GATA2-TGF-b Axis in Human NK Cell Development

Introduction: Natural killer (NK) cells, as the major subset of innate lymphocytes, produce proinflammatory cytokines and mediate anti-tumor cytotoxicity ^1-3. Since NK cells are not limited by clonotypic receptors, they can be utilized in cell therapies against a broad spectrum of malignancies. Irrespective of the clinical potentials, the transcriptional regulation of the development and functions of human NK cells is far from understood. This knowledge gap presents significant limitations in formulating successful clinical applications. Human NK cells develop from common lymphoid progenitors and progress through NK progenitors (NKPs), immature NK (iNKs, CD56^bright), mature NK (mNK, CD56^dim), and terminally mature NK cells (tNKs) ⁴. One of the master regulators of human NK cell development is GATA2 ^5-7.

Patients with GATA2 haploinsufficiency specifically lose CD56^bright NK cells, with or without a reduced number of CD56^dim NK cells ⁶. In our current study, we define the role of GATA2 in the development and functions of NK cells derived from patients with GATA2 mutation.

Results: The PBMCs from three GATA2^T354M donors and the corresponding healthy controls (HC) were obtained from the Children's Hospital of Wisconsin and Cincinnati Children Hospital. Two of three donors are related family members. The flow cytometry reveals the adult GATA2^T354M donor had reduced NK cell number, and the absence of CD56^bright NK cells (Fig. 1 A). However, the infant GATA2^T354M had reduced total NK cells, especially NK cell is predominantly presented as CD56^bright NK cells compared to controls (Fig.1 A). To address NK cell phenotypical alteration of GATA2^T354M, we performed single-cell RNA-seq (scRNA-seq). Our data indicated that GATA2^T354M patients have reduced immature NK cells populations (Fig.1 B, C) as typical expected NK cell phenotype alteration. We also found that the hemostatic activated NK cell population, defined as the active NK, also significantly decreased in both of GATA2^T354M patients (Fig. 1 B, C).

To explore the mechanism of NK cell alterations in GATA2 patient, we compared the transcriptomic differences in scRNA-seq data. We identify that TGF-b1 (Fig. 1 D), its targets and suppressors are significantly reduced in GATA2^T354M patients compared to controls. TGF-b1 is an essential cytokine in maintaining NK cell immaturity [8,9]. We applied the gene sets that was upregulated and downregulated by TGF-b1 treated vs untreated human NK cell. We found that TGF-b1-upregulated gene set (182 genes) is significantly reduced in GATA2^T354M patients; TGF-b1-downregulated genes (254 genes) is significantly increased (Fig. 1 E). The Venn diagram showed that around 50% of differential expression genes (DEGs) of GATA2^T354M patients vs controls overlap with the DEGs between TGF-b1-treated vs untreated NK cell (Fig. 1 F). These alterations strongly indicate the existence of GATA2-TGF-b1 axis in human NK cells, which is not known before.

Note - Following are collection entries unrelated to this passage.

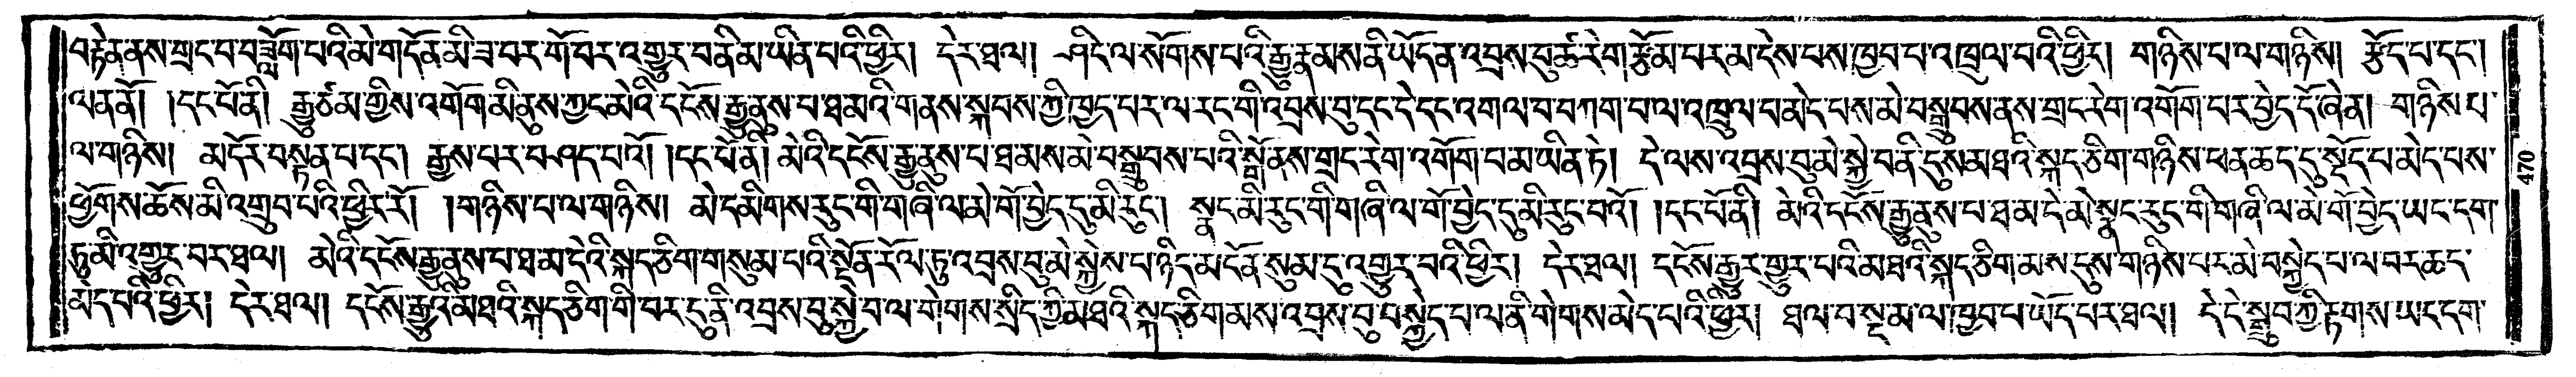བརྟེན་ནས་གྲང་བ་བཟློག་པའི་མེ་གདོན་མི་ཟ་བར་གོ་བར་འགྱུར་བ་ནི་མ་ཡིན་པའི་ཕྱིར། དེར་ཐལ། ཤིང་ལ་སོགས་པའི་རྒྱུ་རྣམས་ནི་ཡོད་ན་འབྲས་བུ་ཚ་རེག་རྩོམ་པར་མ་ངེས་པས་ཁྱབ་པ་འཁྲུལ་བའི་ཕྱིར། གཉིས་པ་ལ་གཉིས། རྩོད་པ་དང་།
ལན་ནོ། །དང་པོ་ནི། རྒྱུ་ཙམ་གྱིས་འགོག་མི་ནུས་ཀྱང་མེའི་དངོས་རྒྱུ་ནུས་པ་ཐ་མའི་གནས་སྐབས་ཀྱི་ཁྱད་པར་ལ་རང་གི་འབྲས་བུ་དང་དེ་དང་འགལ་བ་བཀག་པ་ལ་འཁྲུལ་པ་མེད་པས་མེ་བསྒྲུབས་ནས་གྲང་རེག་འགོག་པར་བྱེད་དོ་ཞེ་ན། གཉིས་པ་
ལ་གཉིས། མདོར་བསྟན་པ་དང་། རྒྱས་པར་བཤད་པའོ། །དང་པོ་ནི། མེའི་དངོས་རྒྱུ་ནུས་པ་ཐ་མས་མེ་བསྒྲུབས་པའི་སྒོ་ནས་གྲང་རེག་འགོག་པ་མ་ཡིན་ཏེ། དེ་ལས་འབྲས་བུ་མེ་སྐྱེ་བ་ནི་དུས་མཐའི་སྐད་ཅིག་གཉིས་ཕན་ཆད་དུ་སྡོད་པ་མེད་པས་
ཕྱོགས་ཆོས་མི་འགྲུབ་པའི་ཕྱིར་རོ། །གཉིས་པ་ལ་གཉིས། མེ་དམིགས་རུང་གི་གཞི་ལ་མེ་གོ་བྱེད་དུ་མི་རུང་། སྣང་མི་རུང་གི་གཞི་ལ་གོ་བྱེད་དུ་མི་རུང་བའོ། །དང་པོ་ནི། མེའི་དངོས་རྒྱུ་ནུས་པ་ཐ་མ་དེ་མེ་སྣང་རུང་གི་གཞི་ལ་མེ་གོ་བྱེད་ཡང་དག་
ཏུ་མི་འགྱུར་བར་ཐལ། མེའི་དངོས་རྒྱུ་ནུས་པ་ཐ་མ་དེའི་སྐད་ཅིག་གསུམ་པའི་སྔོན་རོལ་ཏུ་འབྲས་བུ་མེ་སྐྱེས་པ་ཉིད་མངོན་སུམ་དུ་འགྱུར་བའི་ཕྱིར། དེར་ཐལ། དངོས་རྒྱུར་གྱུར་པའི་མཐའི་སྐད་ཅིག་མས་དུས་གཉིས་པར་མེ་བསྐྱེད་པ་ལ་བར་ཆད་
མེད་པའི་ཕྱིར། དེར་ཐལ། དངོས་རྒྱུའི་མཐའི་སྐད་ཅིག་གི་བར་དུ་ནི་འབྲས་བུ་སྐྱེ་བ་ལ་གེགས་སྲིད་ཀྱི་མཐའི་སྐད་ཅིག་མས་འབྲས་བུ་བསྐྱེད་པ་ལ་ནི་གེགས་མེད་པའི་ཕྱིར། ཐལ་བ་སྔ་མ་ལ་ཁྱབ་པ་ཡོད་པར་ཐལ། དེ་དེ་སྒྲུབ་ཀྱི་རྟགས་ཡང་དག་

To further validate the GATA2-TGF-b1 axis ex-vivo, we transfected GATA2^EV, GATA2^WT, and GATA2^T354M plasmid into HEK-293T cells to quantify the TGFB1 mRNA level by qPCR. The results reveal that TGFB1 mRNA is increased in GATA2^WT group, but it is decreased in the GATA2^T354M group (Fig. 1 G). To provide the evidence that GATA2 directly binds to TGFB1 and regulates its expression, we performed the TGFB1 promoter reporter assay. GATA2^WT or GATA2^T354M plasmid with the TGFB1 reporter plasmid are transfected together into HEK-293T cells. The relative luciferase activity demonstrates that GATA2 indeed binds to the TGFB1 promoter region as the stronger luciferase activity in the GATA2^WT comparing to GATA2^EV group. However, it decreases in GATA2^T354M group comparing to GATA2^WT group (Fig. 1 H). The GATA2^T354M patient NK cell ATAC-seq data indicates the significantly altered epigenetic profile (Fig. 1 I). In addition, the TGFB1 locus in GATA2 patients is less open comparing to controls. We are performing Cut&Tag to identify GATA2 regulating network on human NK cell development and provide additional evidence that TGFB1 gene is a direct target of GATA2.

Conclusion: Through this study, we define the role of GATA2 via TGF-b1 in human NK cell development and functions, provide direct evidence for findings of NK cell deficiency among GATA2^T354M patient. Importantly, we will determine the unique developmental and functional states of human NK cells and the regulating transcriptional programs.

No relevant conflicts of interest to declare.